The computation. Assemble the ANOVA table from the locked means and SDs:
| Source | SS | df | MS | \(F\) | \(p\) |
|---|---|---|---|---|---|
| Between (Format) | \(1850\) | \(3\) | \(616.7\) | \(7.61\) | \(\approx 0.0001\) |
| Within (Residual) | \(7776\) | \(96\) | \(81\) | ||
| Total | \(9626\) | \(99\) |
The static R below shows the idiom an analyst would run; it is teaching code and is not executed in this build (R is not installed). The key output is shown as a comment.
set.seed(35203)
# Dataset F: final exam score by instructional format. Synthetic.
# 25 students per format (L, LL, O, H); N = 100. Within-format SD ~ 9.
# Group means (locked): L = 74, LL = 81, O = 70, H = 79; grand mean = 76.

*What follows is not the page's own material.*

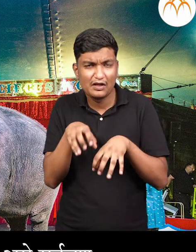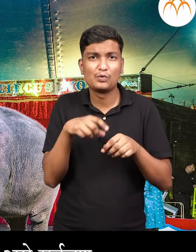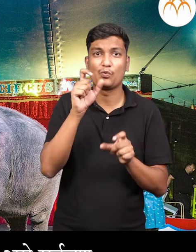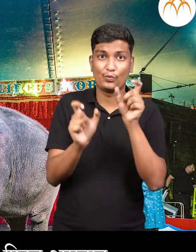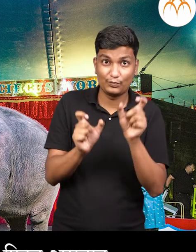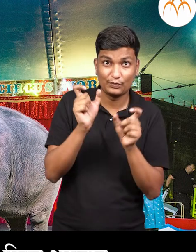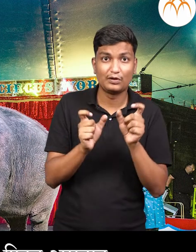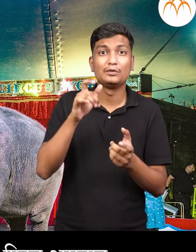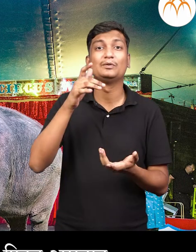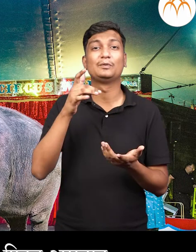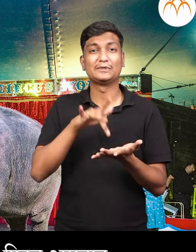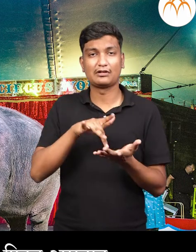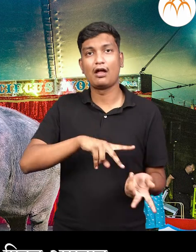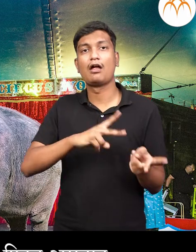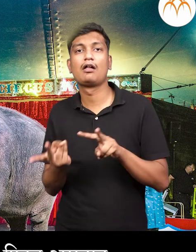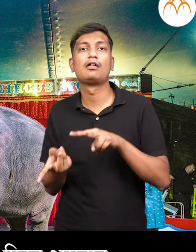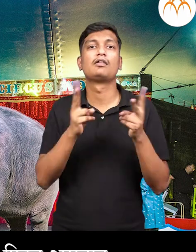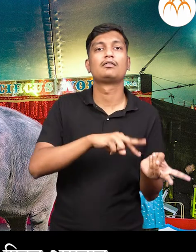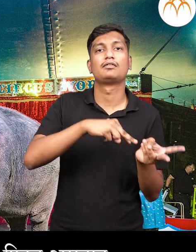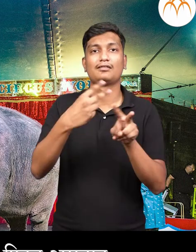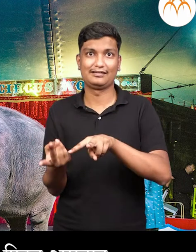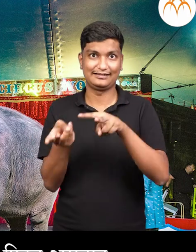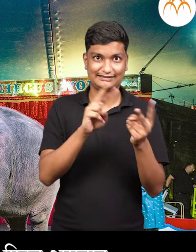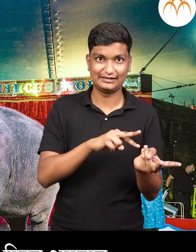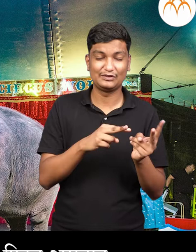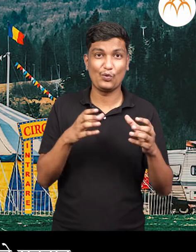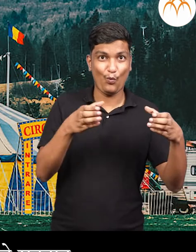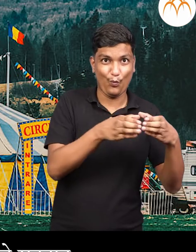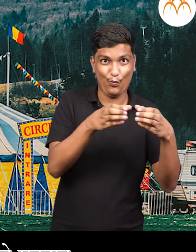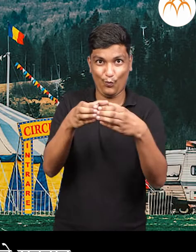सर्वजन एका गावा हून दुसर्या गावी आसे फिरत असता।
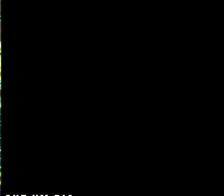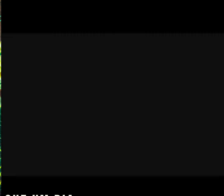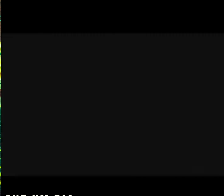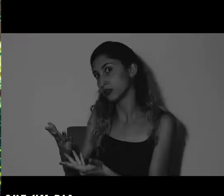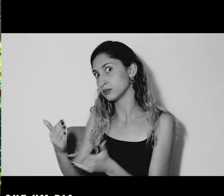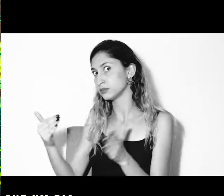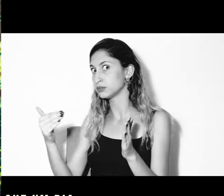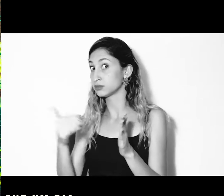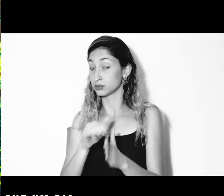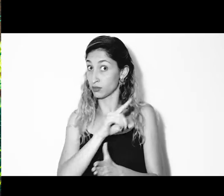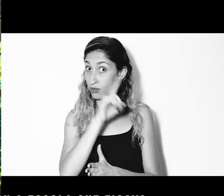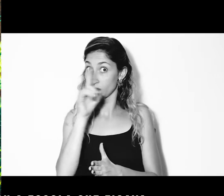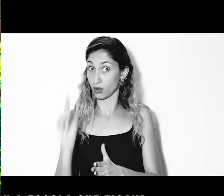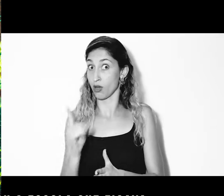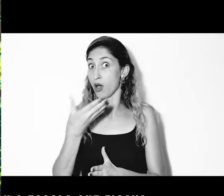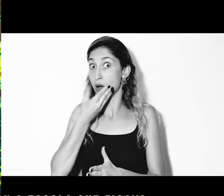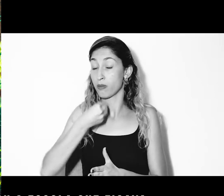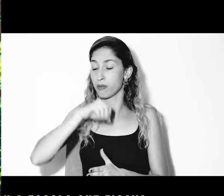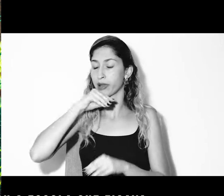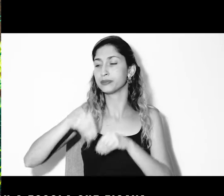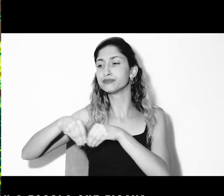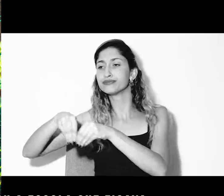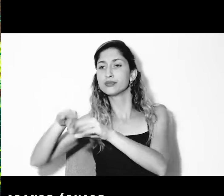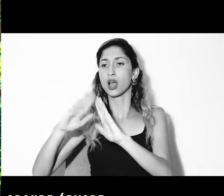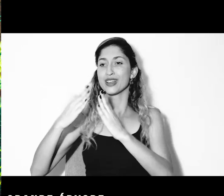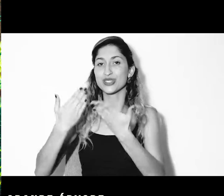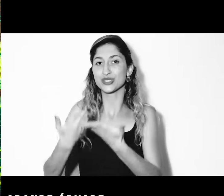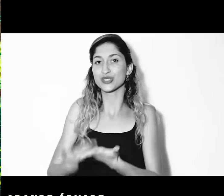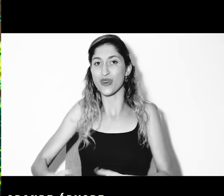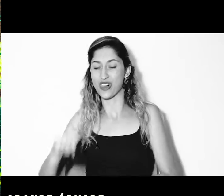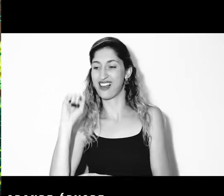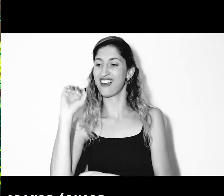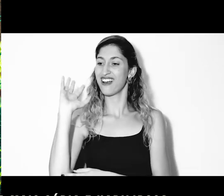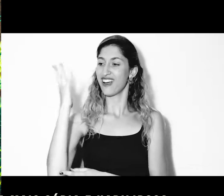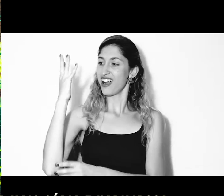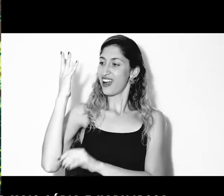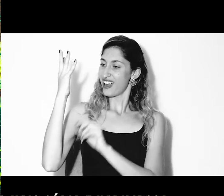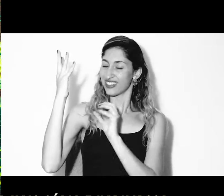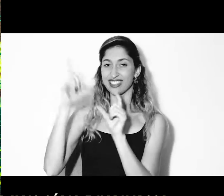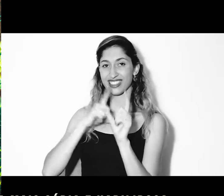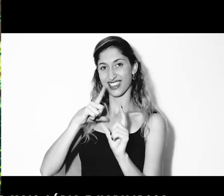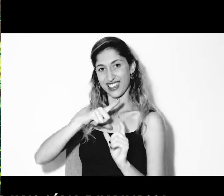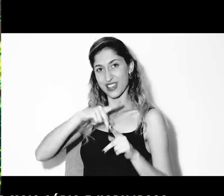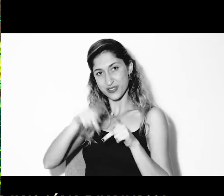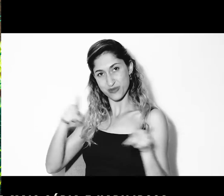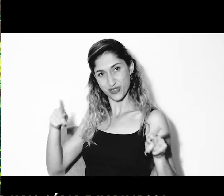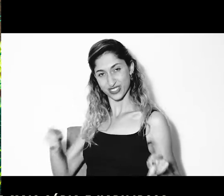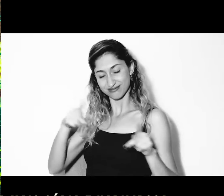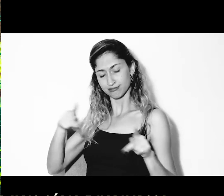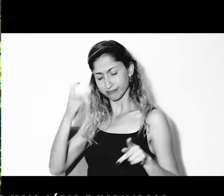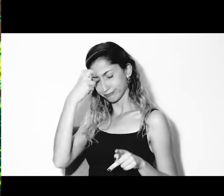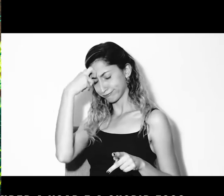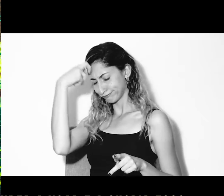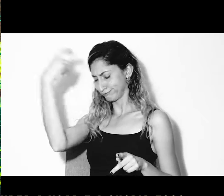Até que um dia, seu pai o levou à escola que ficava sobre a grande árvore. Com a professora mais sábia e

final <- c(L_scores, LL_scores, O_scores, H_scores) # 100 final scores (response)
format <- factor(rep(c("L", "LL", "O", "H"), each = 25))
fit <- aov(final ~ format) # one-way ANOVA: one factor
summary(fit)
# Df Sum Sq Mean Sq F value Pr(>F)
# format 3 1850 616.7 7.61 ~1e-04 ***
# Residuals 96 7776 81.0
# ---
# Total SS = 1850 + 7776 = 9626
# Effect size: proportion of score variance explained by format.
eta_sq <- 1850 / 9626 # -> ~0.19The estimate with its uncertainty. The omnibus \(F = 7.61\) on \((3, 96)\) df gives \(p \approx 0.0001\), so you reject the null that all four format means are equal. Reported as an estimate, not just a verdict: format explains \(\eta^2 = 1850/9626 \approx 0.19\) — about \(19\%\) — of the variation in final scores. The means themselves (\(74\), \(81\), \(70\), \(79\)) describe the direction; LL and H sit highest, O lowest, with a \(\approx 11\)-point spread between the extreme group means.
The interpretation. Some formats differ in mean final score, and the difference is substantively non-trivial (a \(\approx 19\%\) variance share, not a sliver). But two boundaries hold firmly. First, the \(F\) does not identify which formats differ — O looks lowest and LL highest, yet which specific pairs are distinguishable, with the family-wise error controlled, is week 8, not something to read off the omnibus result. Second, the design is observational: students self-selected formats, so this is association, not causation — you cannot conclude that switching a student to Lecture+Lab would raise their score; you can only say format is associated with score here. That is the whole blueprint walked once: question, structure, method, assumptions, an estimate with its uncertainty, and a conclusion that states what it cannot support.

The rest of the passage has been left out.